А вообще, когда «Театральный роман» впервые был напечатан, отношение наших стариков к нему было очень разное. Мама рассказывала, что дед и Сергей Владимирович Образцов, который был нашим соседом по дому, очень критически отнеслись к этому произведению. Илюша стучал кулаком по столу и повторял: «Пасквиль! Пасквиль!» А маме роман сразу безумно понравился, и никакого пасквиля в нем она не увидела. Мама считала, что Фома Стриж, прототипом которого был дед, обладал именно такой колоссальной энергией, такой мощью, темпераментом и обаянием, которые были присущи деду. Он ей очень нравился. Она рассказывала много о прототипах всех тех персонажей, которые были точно ясны у Булгакова, об актерах и о руководителях Художественного театра. А потом она поставила, как только стали они печататься и выходить в свет в перестроечные годы, его «Багровый остров», «Блаженство», «Роковые яйца». Да и я тоже обратился к творчеству Булгакова. Мы со студентами ставили «Дни Турбиных». Я очень любил и люблю эту пьесу: такая музыка, такое чудо! И я очень рад, что ребята в это дело втянулись, спектакль до сих пор идет, хотя это был выпуск Щепкинского училища 2008 года. Силами ребят он до сих пор играется в «Булгаковском доме»! Когда выпускаются курсы, очень часто говорят: «Ах, какой хороший курс! Какие спектакли! Как не хотелось бы расставаться. Давайте этот спектакль продолжим играть». Но очень редко это удается. Люди разлетаются по разным театрам, кто-то снимается. Все зависит именно от коллектива, от ребят, насколько они преданы этому делу, найдут ли силы и время продолжать. У нас поначалу получилось так, что мы с этим спектаклем участвовали в фестивале «Твой шанс» и получили вторую премию, а в качестве приза нам предложили следующий сезон играть спектакль в Театральном центре «На Страстном». Мы с удовольствием согласились. Потом предложили еще год там играть, а потом возникла возможность продолжать играть спектакль в «Булгаковском доме». С какого-то момента у меня уже не было возможности в этом участвовать, я уже давно спектакль не видел, хотя и очень хочется, но время не позволяет. Так что ребята сейчас уже за ним сами и следят, и репетируют, и собираются, и играют.

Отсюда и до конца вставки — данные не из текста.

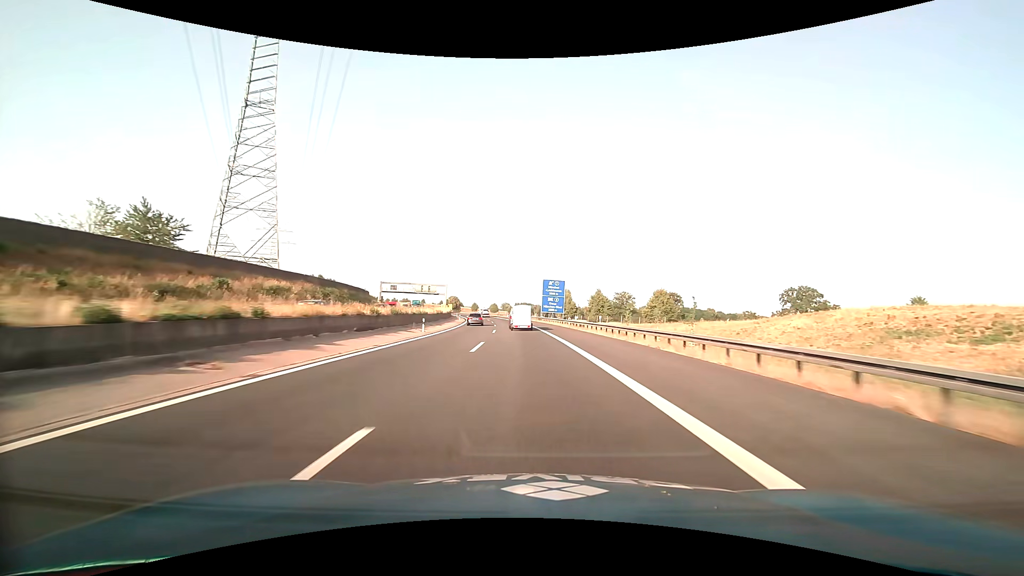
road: motorway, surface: asphalt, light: Day
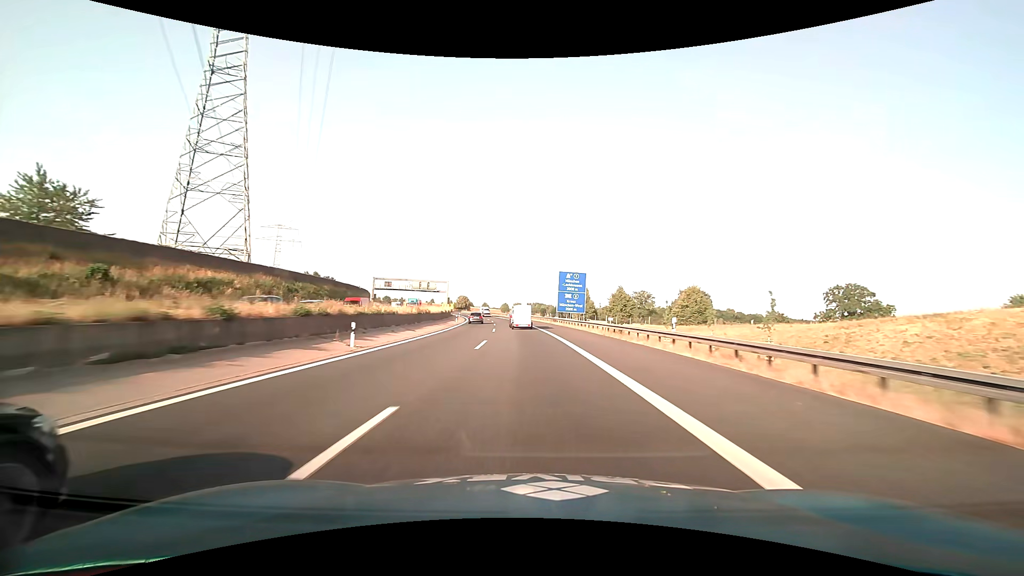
(-0.2, +16.8) m; -1°
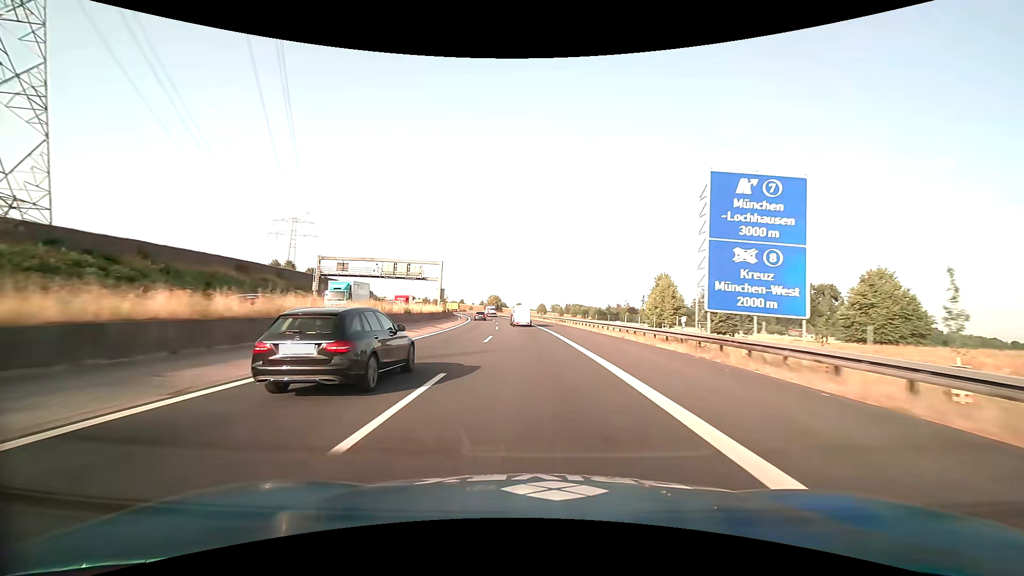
(-1.9, +50.2) m; -4°
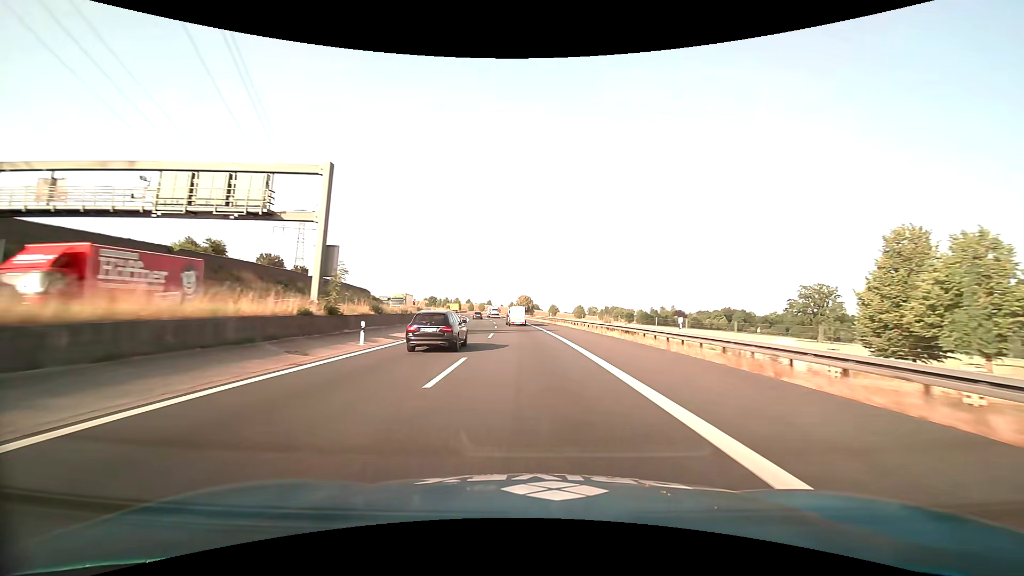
(-1.7, +49.9) m; -4°
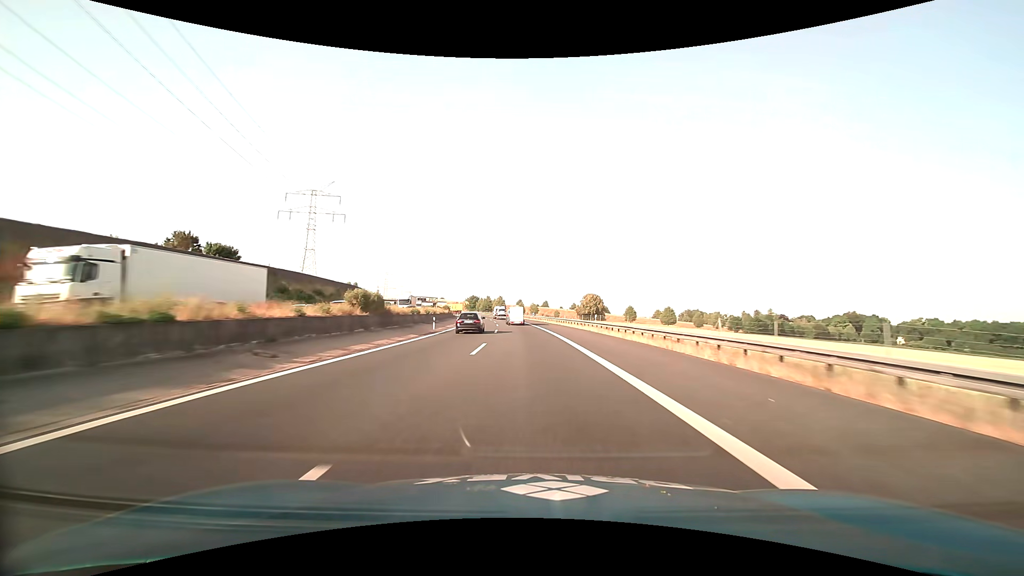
(-5.0, +82.6) m; -7°
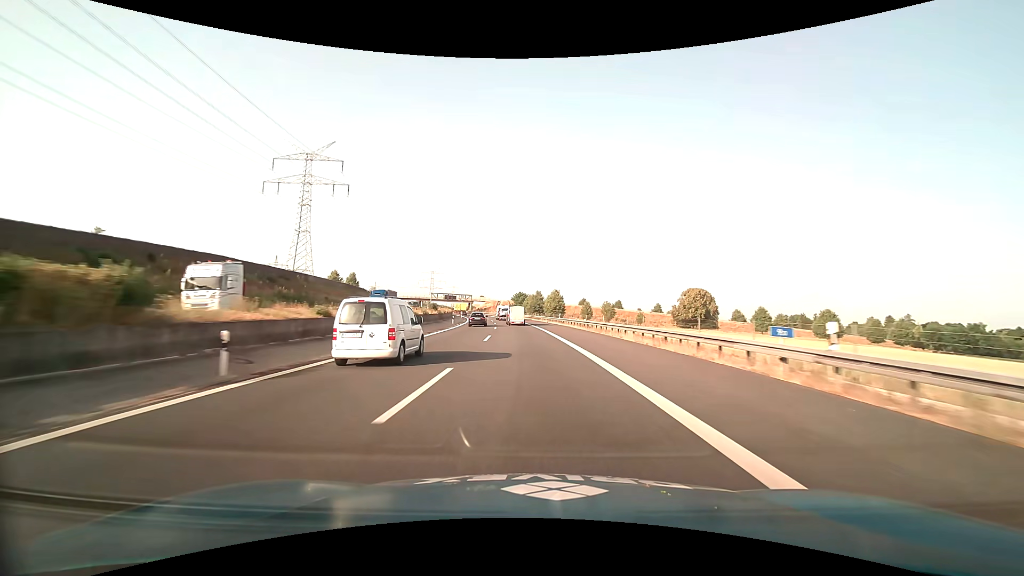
(-4.8, +82.2) m; -7°
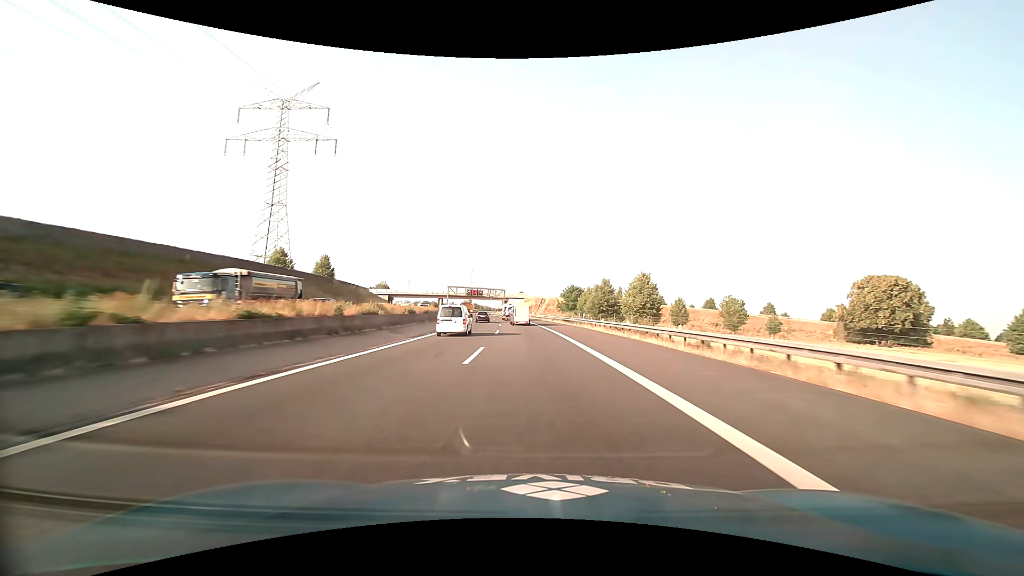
(-3.2, +65.0) m; -6°
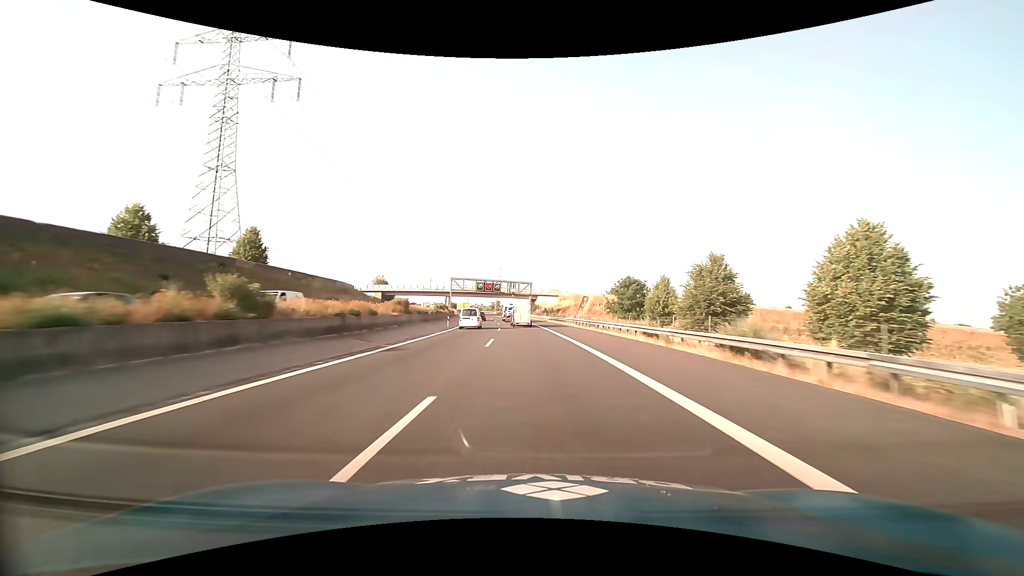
(-1.5, +47.1) m; -4°
(0, +10) (0, +20) (-1, +30) (-1, +40) (-2, +50) (-2, +60) (-3, +70) (-4, +80) (-5, +90) (-7, +100) m

— Александр Викторович, к актерам, игравшим Фому Стрижа, было ли какое-то особое отношение? Ведь они играли роль, прототипом которой был Ваш дед, Илья Яковлевич Судаков.

— Разные были актеры, но все с очень большим обаянием и энергией. Наверняка мама выбирала этих актеров с особым отношением, все-таки они играли ее отца. По существу, и Максудов там с Фомой Стрижом очень много и тесно общаются. Конечно, было особое, теплое отношение, родственное.

— Если «Театральный роман» весь пронизан параллелями с реальными людьми, то что можете сказать о «Мастере и Маргарите»? Есть ли, на Ваш взгляд, точные прототипы или тут больше собирательные образы?

— Мне кажется, там очень личная история. История его любви, его жизни. Возможно, многие и угадывались, но я меньше знаю эту среду, чем в «Театральном романе». Там конкретные лица, которых я видел, о которых я слышал или читал.

— Александр Викторович, что больше нравилось, сниматься в кино или стоять на сцене? В чем различие? Где больше раскрывается актер?

— Вы знаете, конечно, актер раскрывается везде: и в театре, и в кино. Актерская судьба – это такая сложная штука, и так много зависит от случая и от людей, которые тебя увидят, заметят, откроют. Увидят в тебе что-то, что другие не разглядели. Ведь актерская профессия очень зависимая. Актеры сами себя на роль не назначают, их зовут и предлагают – в кино утверждают или нет, в театре назначают или нет. Поэтому очень сложно сказать, где повезет. Может, актер какую-то свою самую заветную роль сыграет в кино, а может, в театре. С одной стороны, это абсолютно одно искусство, актерская основа одна и та же. «Это жизнь человеческого духа», – говорил Станиславский. Но в то же время и очень разная, потому что в кино партнер – камера.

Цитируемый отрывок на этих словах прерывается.